> [Exercise description]: Each record below is to be output unchanged, and any picture is to be dropped.

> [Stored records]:
BEGIN

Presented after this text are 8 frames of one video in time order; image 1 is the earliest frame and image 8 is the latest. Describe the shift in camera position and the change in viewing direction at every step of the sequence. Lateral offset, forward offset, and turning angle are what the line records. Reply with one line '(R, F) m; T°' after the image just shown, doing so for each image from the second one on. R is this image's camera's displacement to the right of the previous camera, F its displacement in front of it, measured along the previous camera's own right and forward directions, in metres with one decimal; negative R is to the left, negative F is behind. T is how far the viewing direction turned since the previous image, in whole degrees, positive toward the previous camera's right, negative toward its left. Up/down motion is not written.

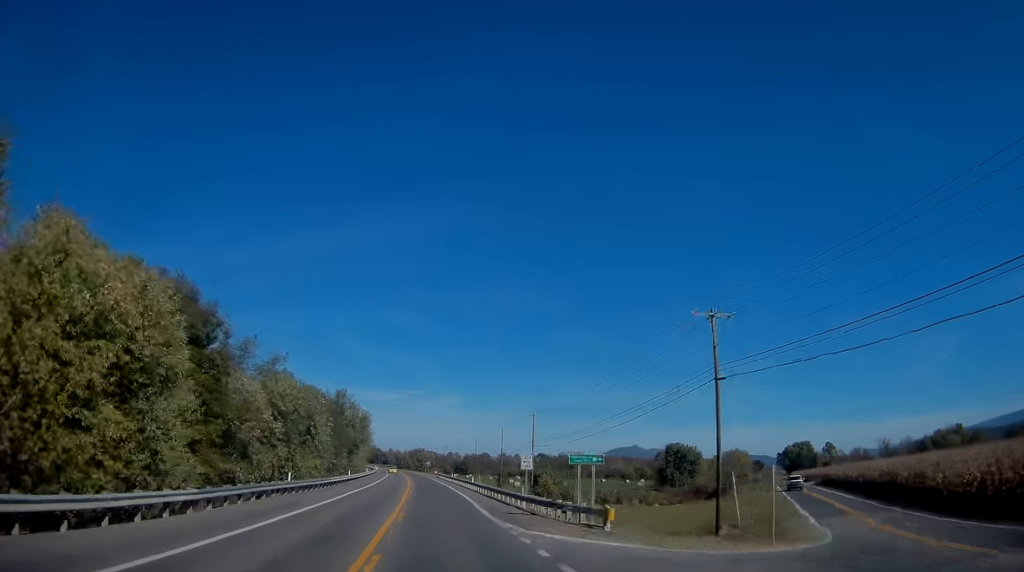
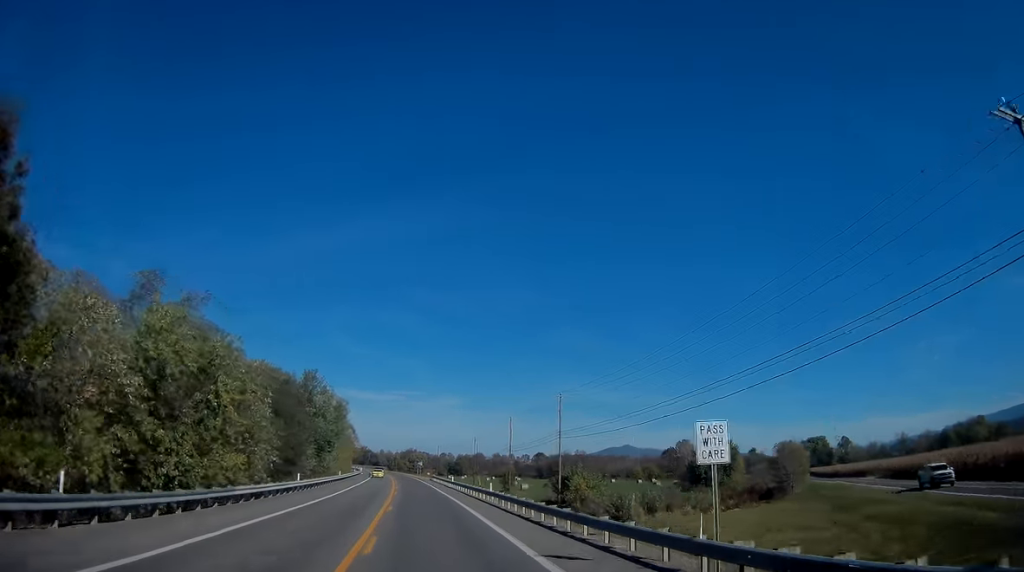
(-0.3, +22.0) m; -1°
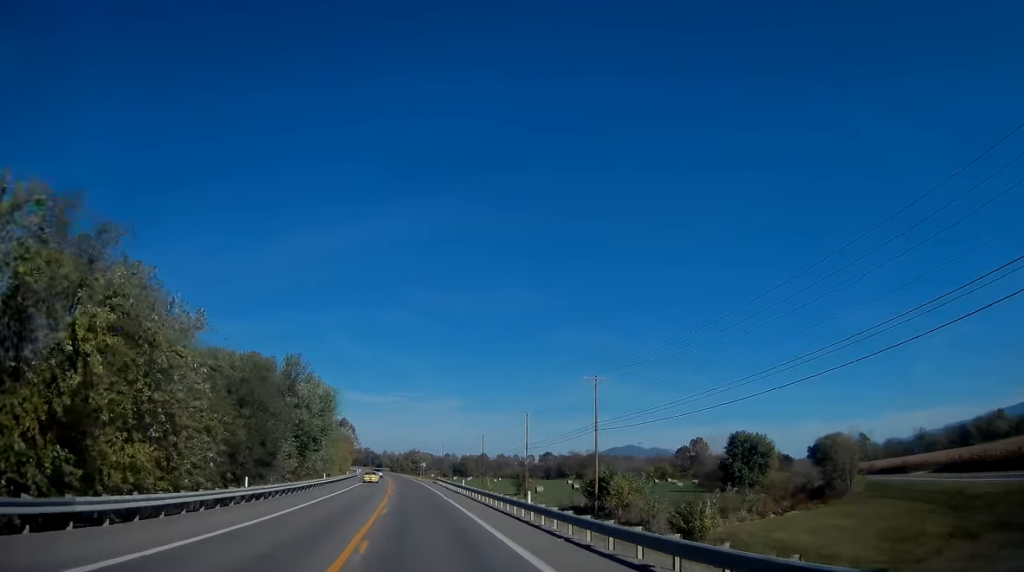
(-0.1, +12.7) m; 0°
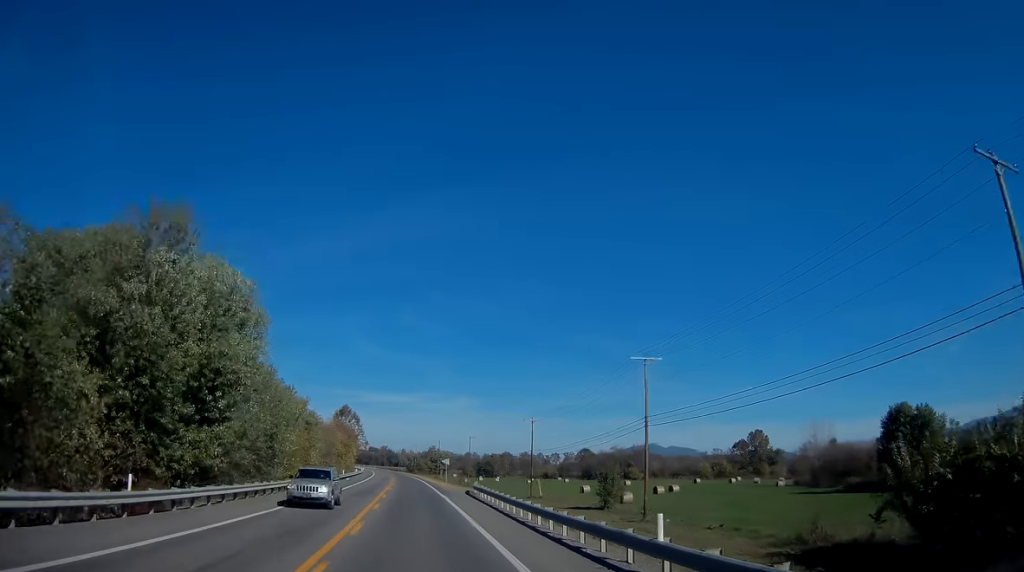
(+0.1, +40.6) m; 0°
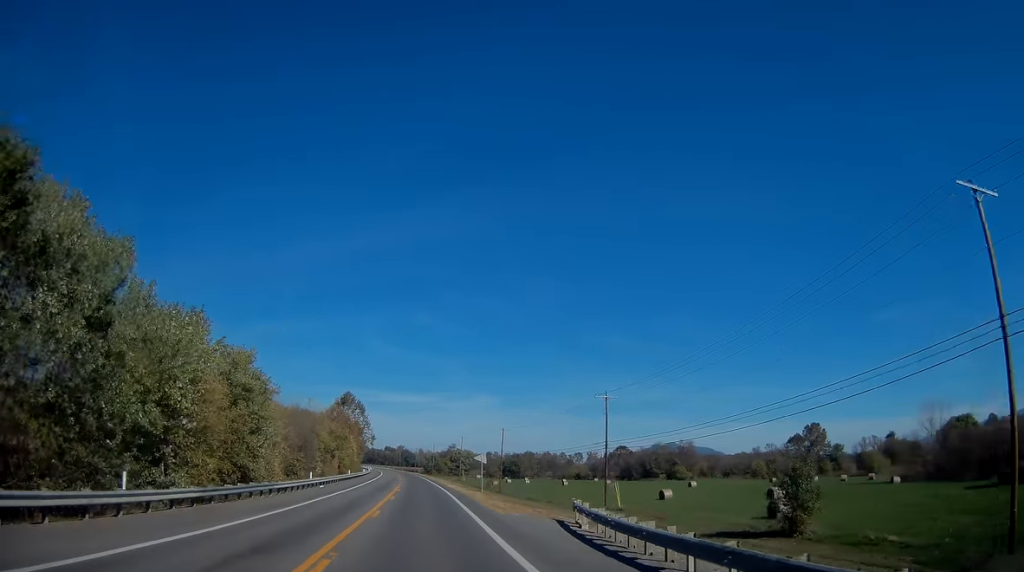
(-0.5, +30.4) m; -3°
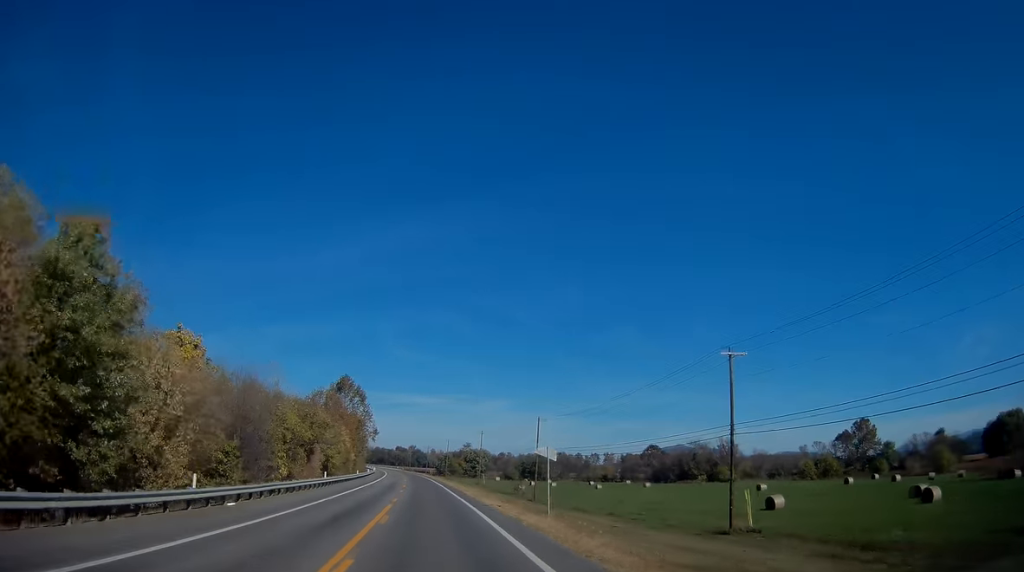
(-0.6, +24.5) m; -1°
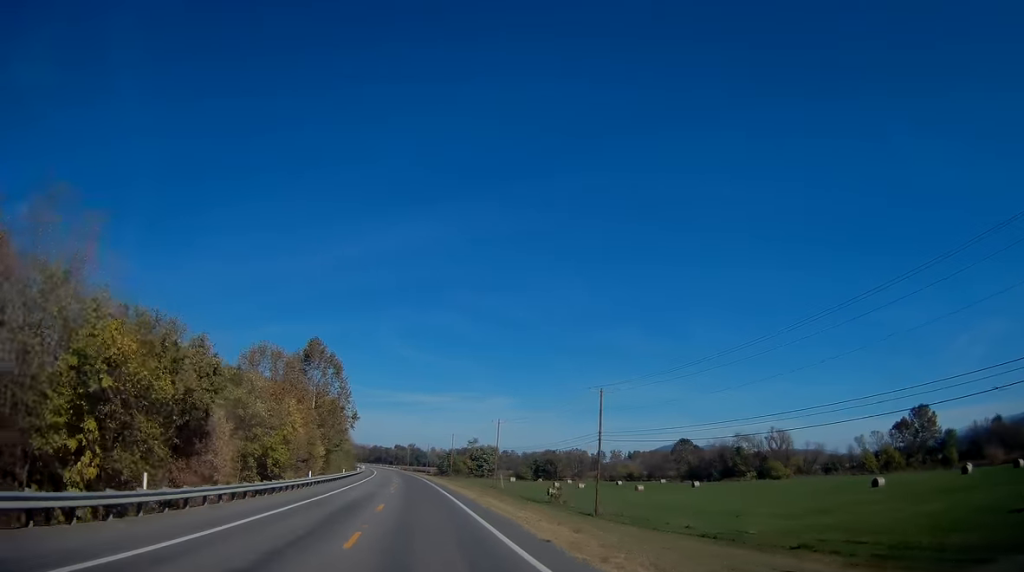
(+0.2, +32.1) m; 0°
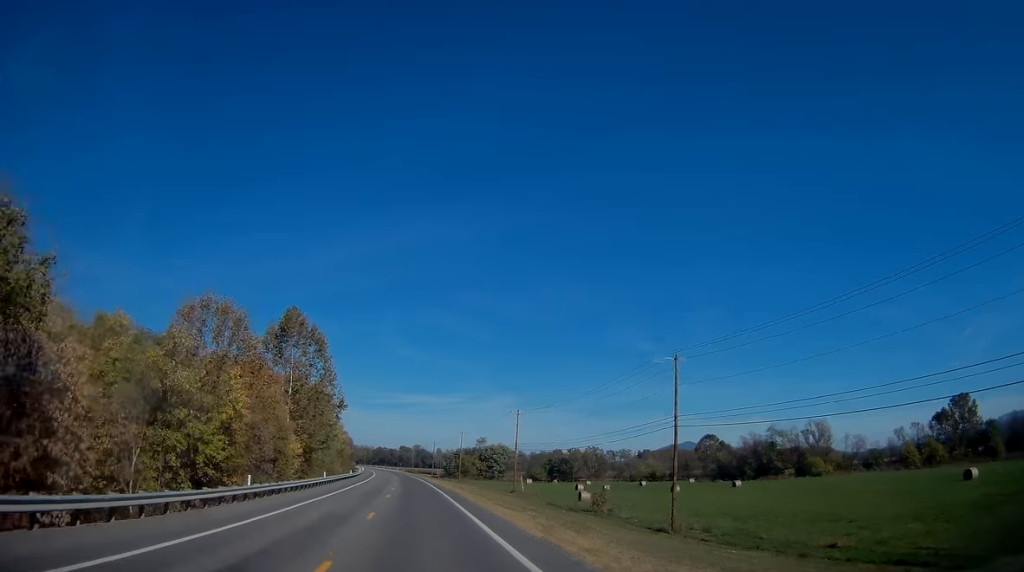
(+0.3, +16.9) m; -1°
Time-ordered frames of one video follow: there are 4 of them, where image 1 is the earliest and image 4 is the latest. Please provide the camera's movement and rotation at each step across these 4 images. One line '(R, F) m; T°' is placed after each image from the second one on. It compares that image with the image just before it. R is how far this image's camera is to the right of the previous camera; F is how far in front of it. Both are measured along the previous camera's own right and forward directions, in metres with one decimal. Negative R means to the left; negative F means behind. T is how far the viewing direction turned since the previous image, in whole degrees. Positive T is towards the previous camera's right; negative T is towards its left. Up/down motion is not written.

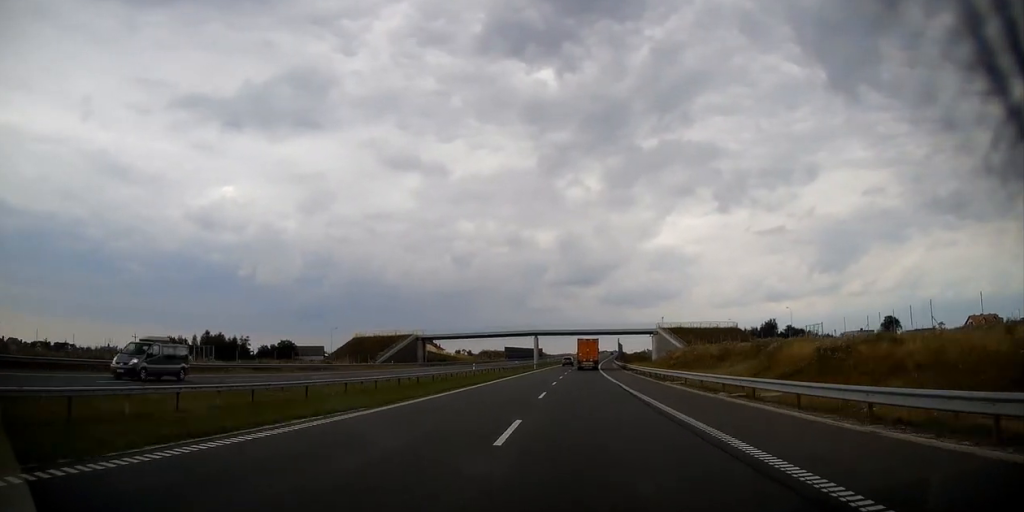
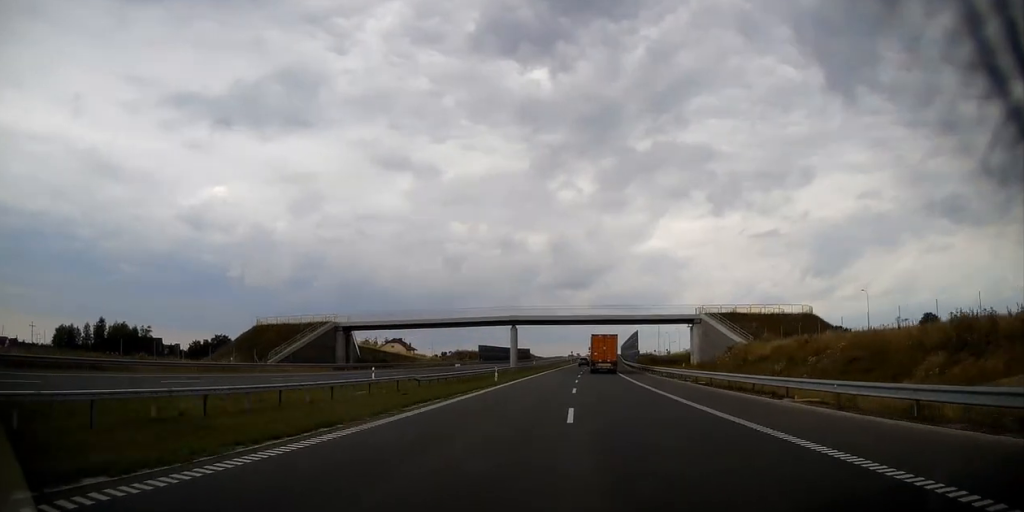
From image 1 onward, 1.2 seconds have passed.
(+0.2, +44.3) m; +1°
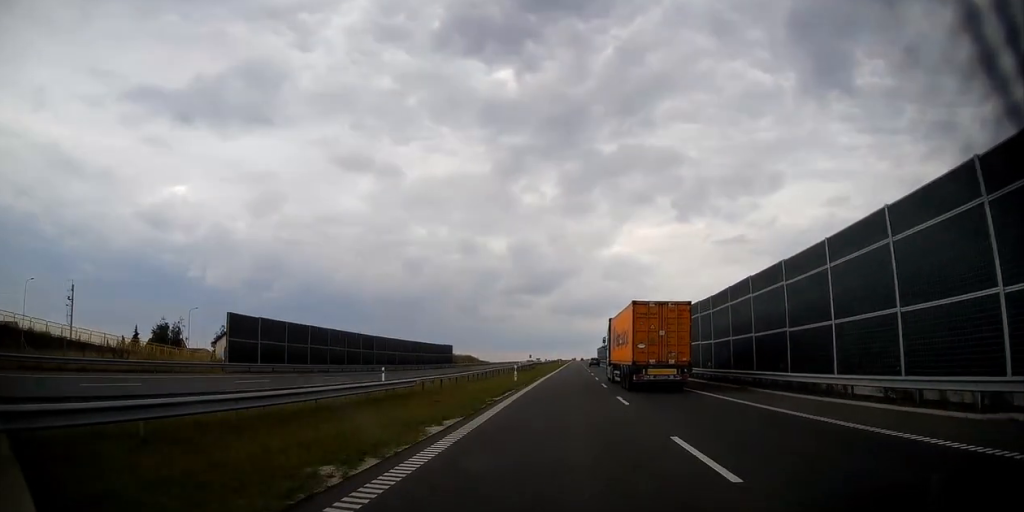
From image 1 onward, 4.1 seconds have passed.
(+2.9, +102.1) m; +4°
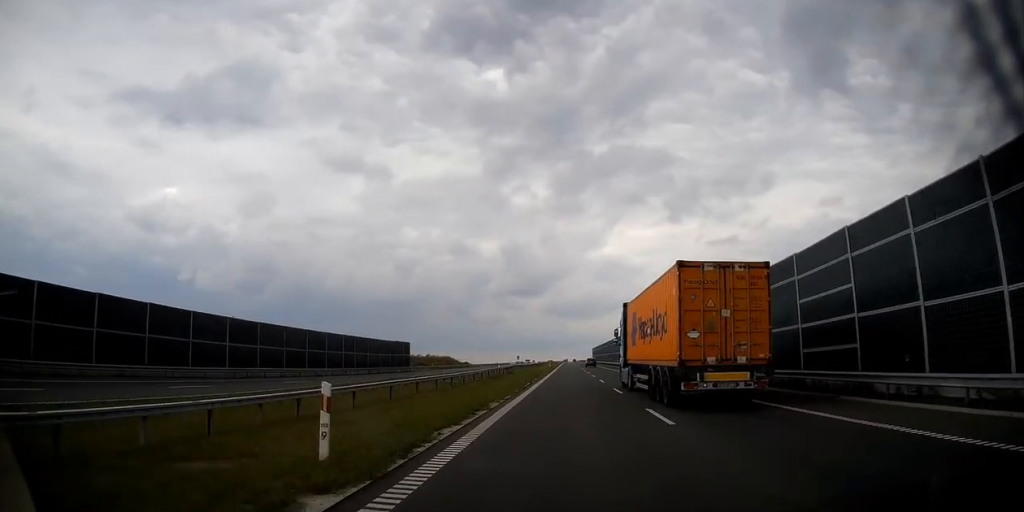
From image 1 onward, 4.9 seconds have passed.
(+0.2, +30.0) m; +1°

END

> [Reply]:
Presented after this text are 8 frames of one video in time order; image 1 is the earliest frame and image 8 is the latest. Describe the shift in camera position and the change in viewing direction at every step of the sequence. Lateral offset, forward offset, and turning angle are what the line records. Reply with one line '(R, F) m; T°' after the image just shown, doing so for each image from the second one on. R is this image's camera's displacement to the right of the previous camera, F its displacement in front of it, measured along the previous camera's own right and forward directions, in metres with one decimal; negative R is to the left, negative F is behind. T is how far the viewing direction turned since the previous image, in whole degrees, positive toward the previous camera's right, negative toward its left. Up/down motion is not written.

(-0.3, +22.0) m; -1°
(-0.1, +12.7) m; 0°
(+0.1, +40.6) m; 0°
(-0.5, +30.4) m; -3°
(-0.6, +24.5) m; -1°
(+0.2, +32.1) m; 0°
(+0.3, +16.9) m; -1°
Time-ordered frames of one video follow: there are 4 of them, where image 1 is the earliest and image 4 is the latest. Please provide the camera's movement and rotation at each step across these 4 images. One line '(R, F) m; T°' is placed after each image from the second one on. It compares that image with the image just before it. R is how far this image's camera is to the right of the previous camera; F is how far in front of it. Both are measured along the previous camera's own right and forward directions, in metres with one decimal. Negative R means to the left; negative F means behind. T is how far the viewing direction turned since the previous image, in whole degrees. Positive T is towards the previous camera's right; negative T is towards its left. Up/down motion is not written.

From image 1 onward, 1.2 seconds have passed.
(+0.2, +44.3) m; +1°
From image 1 onward, 4.1 seconds have passed.
(+2.9, +102.1) m; +4°
From image 1 onward, 4.9 seconds have passed.
(+0.2, +30.0) m; +1°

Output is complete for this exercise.